» Supplied entries
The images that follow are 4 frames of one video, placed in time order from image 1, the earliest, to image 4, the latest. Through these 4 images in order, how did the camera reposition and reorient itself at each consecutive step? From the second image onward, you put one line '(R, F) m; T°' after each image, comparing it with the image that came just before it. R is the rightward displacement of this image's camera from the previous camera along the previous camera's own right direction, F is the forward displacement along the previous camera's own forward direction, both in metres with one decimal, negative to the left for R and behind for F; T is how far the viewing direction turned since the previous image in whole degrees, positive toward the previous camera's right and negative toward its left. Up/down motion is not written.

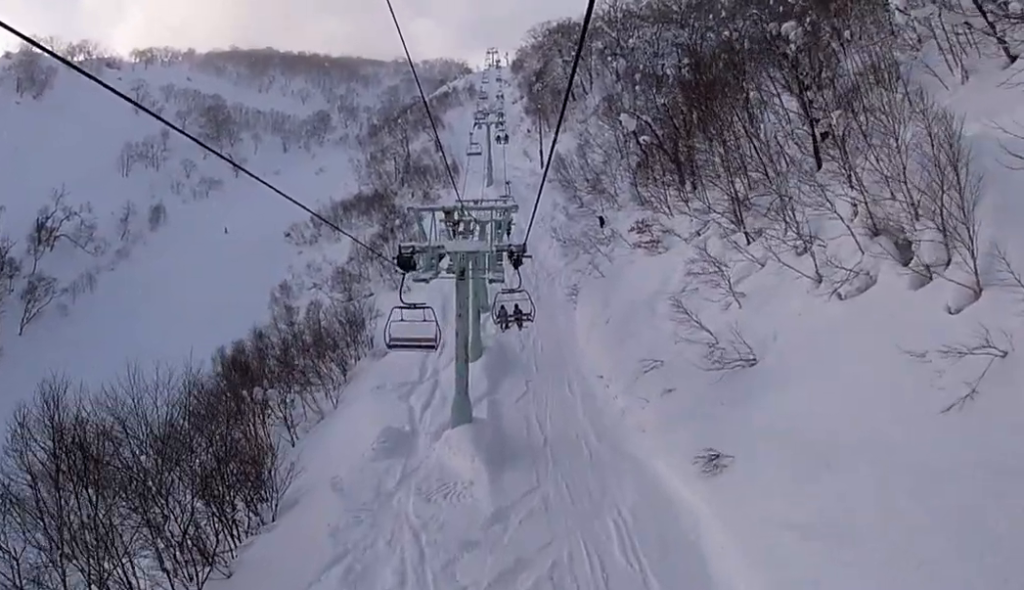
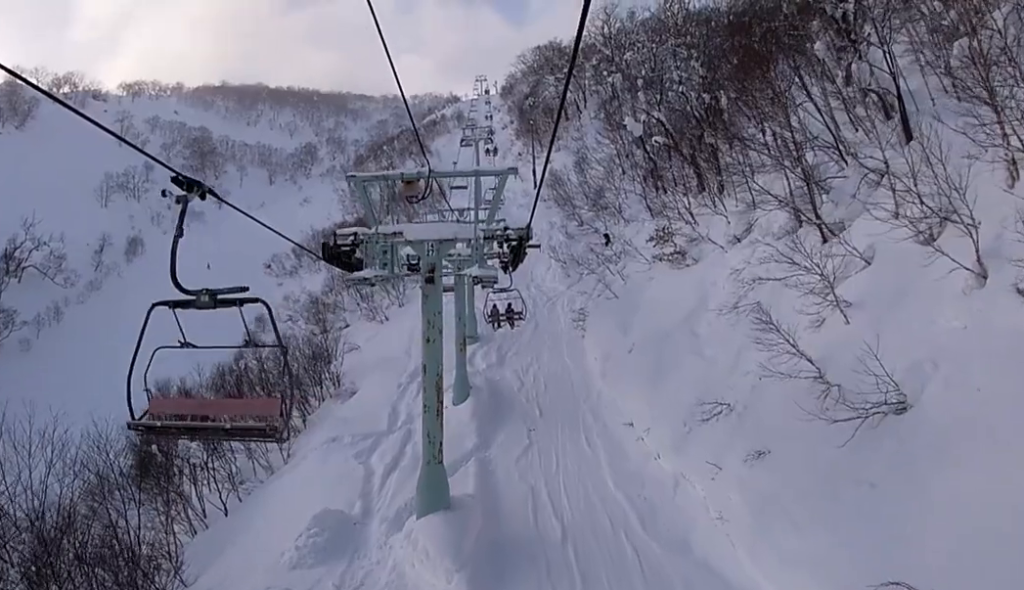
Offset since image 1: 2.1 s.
(+0.1, +8.2) m; 0°
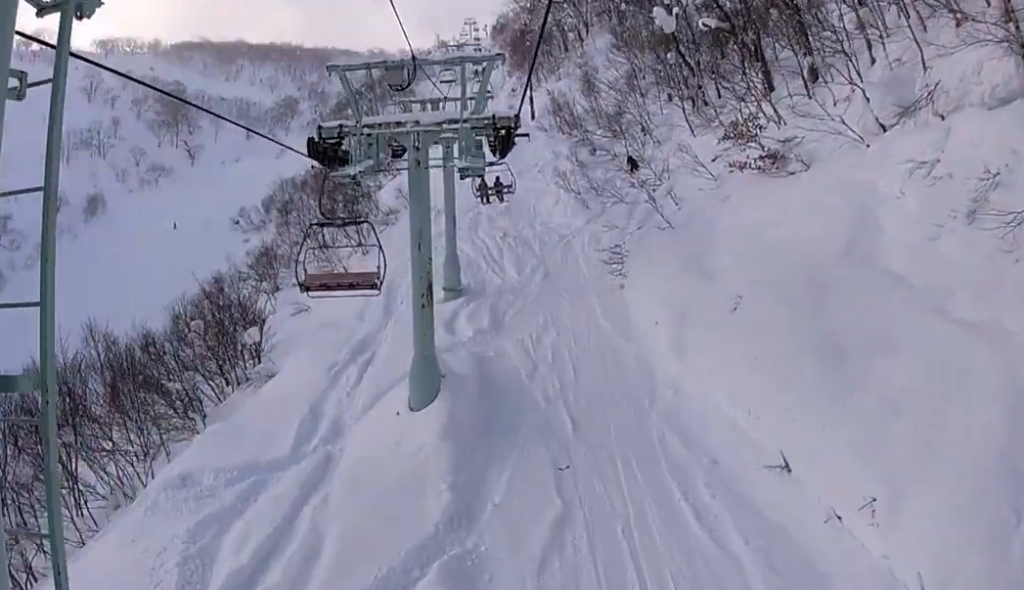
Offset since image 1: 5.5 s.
(+1.0, +14.0) m; +4°
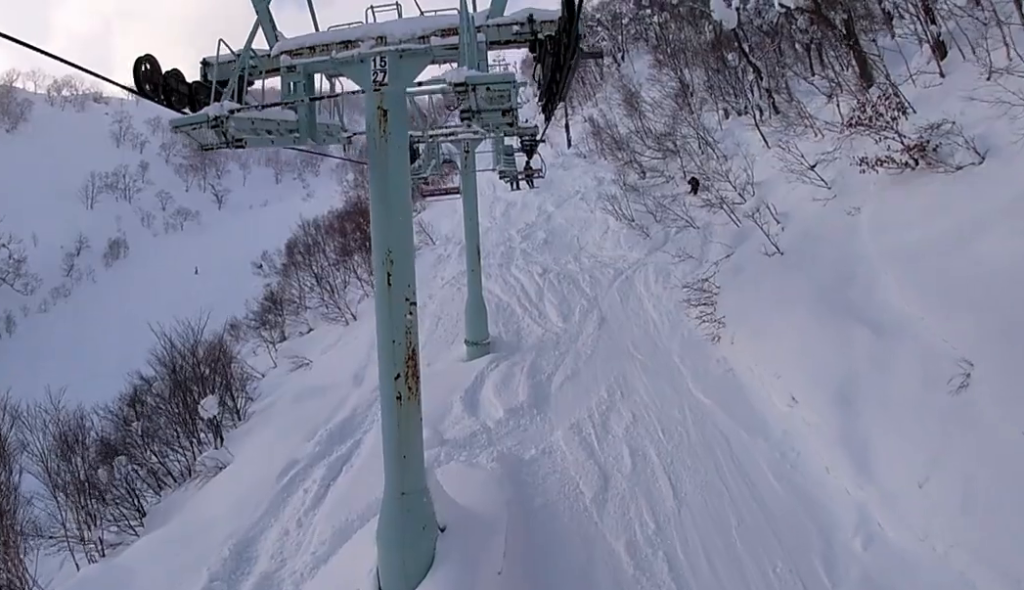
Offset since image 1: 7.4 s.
(-0.6, +7.6) m; +1°

» What to do
Please restate the material word for word; the pictures stay out.

» Solution to this problem
The images that follow are 4 frames of one video, placed in time order from image 1, the earliest, to image 4, the latest. Through these 4 images in order, how did the camera reposition and reorient itself at each consecutive step? From the second image onward, you put one line '(R, F) m; T°' after each image, comparing it with the image that came just before it. R is the rightward displacement of this image's camera from the previous camera along the previous camera's own right direction, F is the forward displacement along the previous camera's own forward direction, both in metres with one decimal, negative to the left for R and behind for F; T is how far the viewing direction turned since the previous image in whole degrees, positive toward the previous camera's right and negative toward its left. Up/down motion is not written.

Offset since image 1: 2.1 s.
(+0.1, +8.2) m; 0°
Offset since image 1: 5.5 s.
(+1.0, +14.0) m; +4°
Offset since image 1: 7.4 s.
(-0.6, +7.6) m; +1°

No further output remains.